■ WHAT YOU NEED TO DO
Skip the pictures and copy all the data that follows exactly.

_ _ _ _

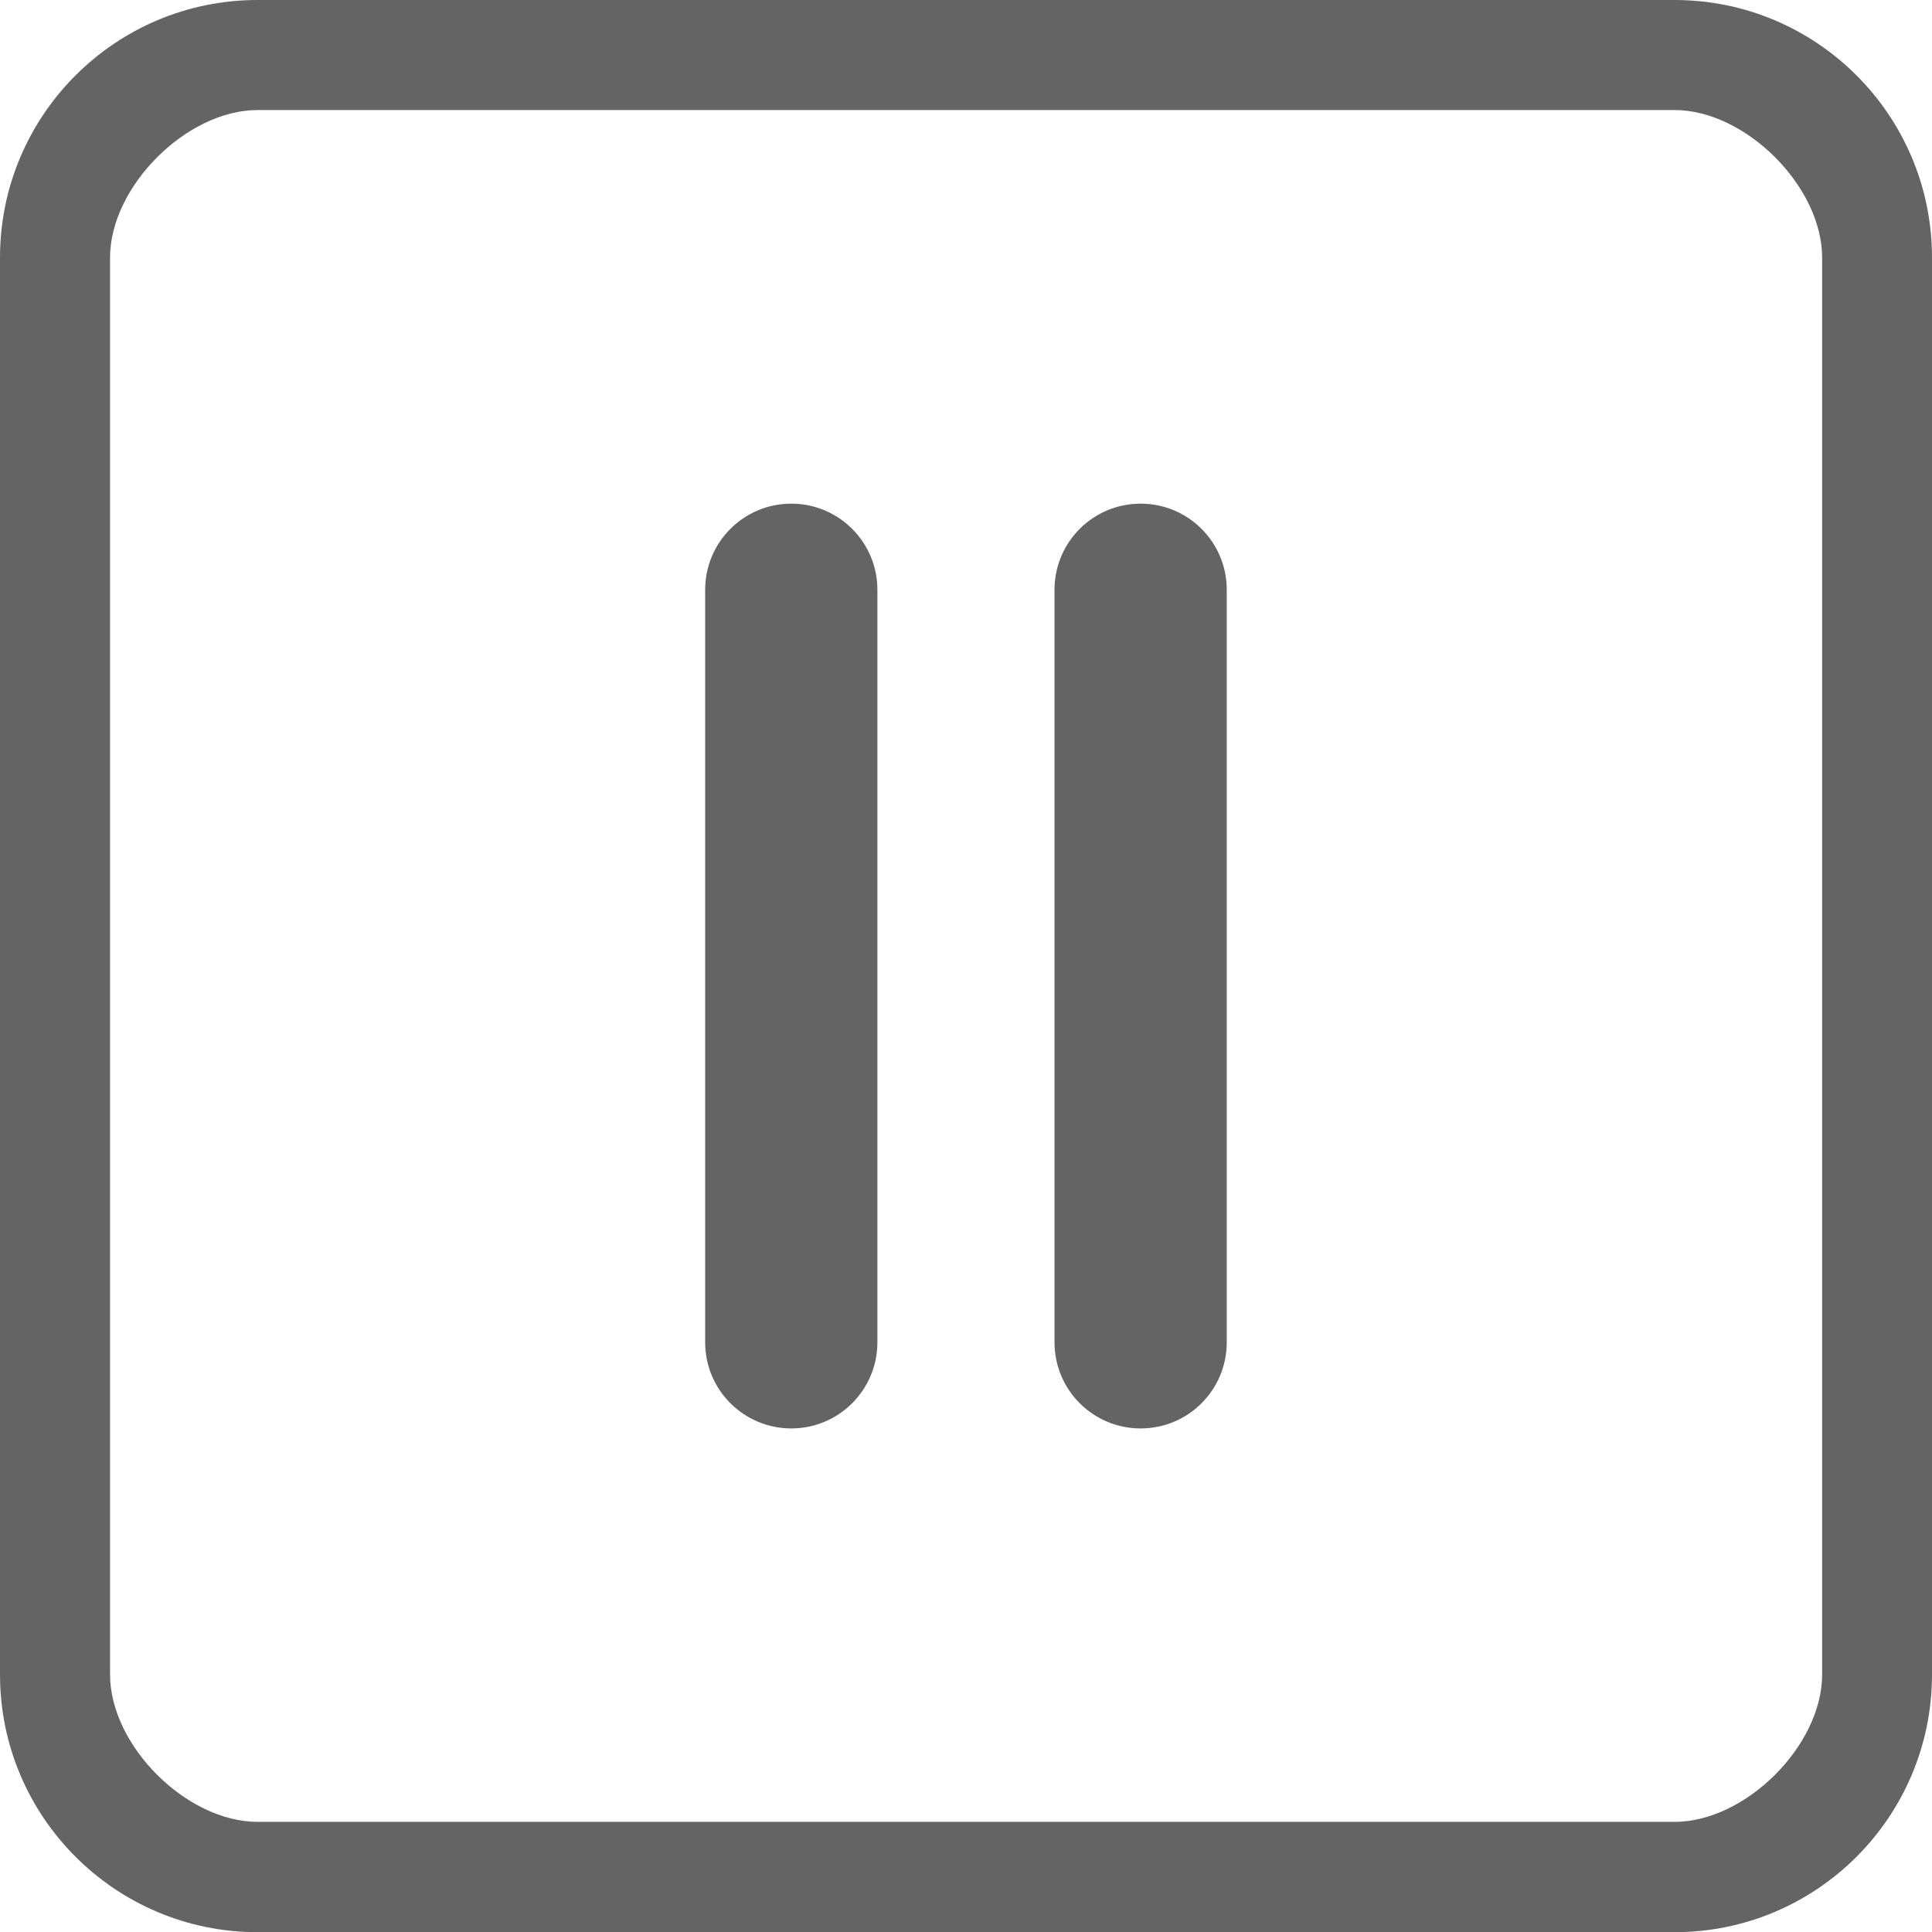 <?xml version="1.0" encoding="utf-8"?>
<!-- Generator: Adobe Illustrator 16.0.0, SVG Export Plug-In . SVG Version: 6.00 Build 0)  -->
<!DOCTYPE svg PUBLIC "-//W3C//DTD SVG 1.1//EN" "http://www.w3.org/Graphics/SVG/1.1/DTD/svg11.dtd">
<svg version="1.1" id="图层_1" xmlns="http://www.w3.org/2000/svg" xmlns:xlink="http://www.w3.org/1999/xlink" x="0px" y="0px"
	 width="20.998px" height="21px" viewBox="0 0 20.998 21" enable-background="new 0 0 20.998 21" xml:space="preserve">
<path fill="#646464" d="M18.199,0h-15.4C1.254,0,0,1.254,0,2.8v15.399C0,19.746,1.254,21,2.799,21h15.4
	c1.547,0,2.799-1.254,2.799-2.801V2.8C20.998,1.254,19.746,0,18.199,0L18.199,0z M19.804,18.199c0,0.773-0.832,1.602-1.604,1.602
	h-15.4c-0.771,0-1.604-0.827-1.604-1.602V2.8c0-0.772,0.832-1.604,1.604-1.604h15.4c0.772,0,1.604,0.831,1.604,1.604V18.199
	L19.804,18.199z"/>
<g>
	<g>
		<path fill="#646464" d="M9.536,14.589c0,0.517-0.419,0.936-0.936,0.936l0,0c-0.517,0-0.936-0.419-0.936-0.936V6.41
			c0-0.517,0.419-0.936,0.936-0.936l0,0c0.517,0,0.936,0.419,0.936,0.936V14.589z"/>
	</g>
	<g>
		<path fill="#646464" d="M13.333,14.589c0,0.517-0.418,0.936-0.936,0.936l0,0c-0.518,0-0.936-0.419-0.936-0.936V6.41
			c0-0.517,0.418-0.936,0.936-0.936l0,0c0.518,0,0.936,0.419,0.936,0.936V14.589z"/>
	</g>
</g>
</svg>

_ _ _ _

■ EXERCISE OUTPUT
 <?xml version="1.0" encoding="utf-8"?>
<!-- Generator: Adobe Illustrator 16.0.0, SVG Export Plug-In . SVG Version: 6.00 Build 0)  -->
<!DOCTYPE svg PUBLIC "-//W3C//DTD SVG 1.1//EN" "http://www.w3.org/Graphics/SVG/1.1/DTD/svg11.dtd">
<svg version="1.1" id="图层_1" xmlns="http://www.w3.org/2000/svg" xmlns:xlink="http://www.w3.org/1999/xlink" x="0px" y="0px"
	 width="20.998px" height="21px" viewBox="0 0 20.998 21" enable-background="new 0 0 20.998 21" xml:space="preserve">
<path fill="#646464" d="M18.199,0h-15.4C1.254,0,0,1.254,0,2.8v15.399C0,19.746,1.254,21,2.799,21h15.4
	c1.547,0,2.799-1.254,2.799-2.801V2.8C20.998,1.254,19.746,0,18.199,0L18.199,0z M19.804,18.199c0,0.773-0.832,1.602-1.604,1.602
	h-15.4c-0.771,0-1.604-0.827-1.604-1.602V2.8c0-0.772,0.832-1.604,1.604-1.604h15.4c0.772,0,1.604,0.831,1.604,1.604V18.199
	L19.804,18.199z"/>
<g>
	<g>
		<path fill="#646464" d="M9.536,14.589c0,0.517-0.419,0.936-0.936,0.936l0,0c-0.517,0-0.936-0.419-0.936-0.936V6.41
			c0-0.517,0.419-0.936,0.936-0.936l0,0c0.517,0,0.936,0.419,0.936,0.936V14.589z"/>
	</g>
	<g>
		<path fill="#646464" d="M13.333,14.589c0,0.517-0.418,0.936-0.936,0.936l0,0c-0.518,0-0.936-0.419-0.936-0.936V6.41
			c0-0.517,0.418-0.936,0.936-0.936l0,0c0.518,0,0.936,0.419,0.936,0.936V14.589z"/>
	</g>
</g>
</svg>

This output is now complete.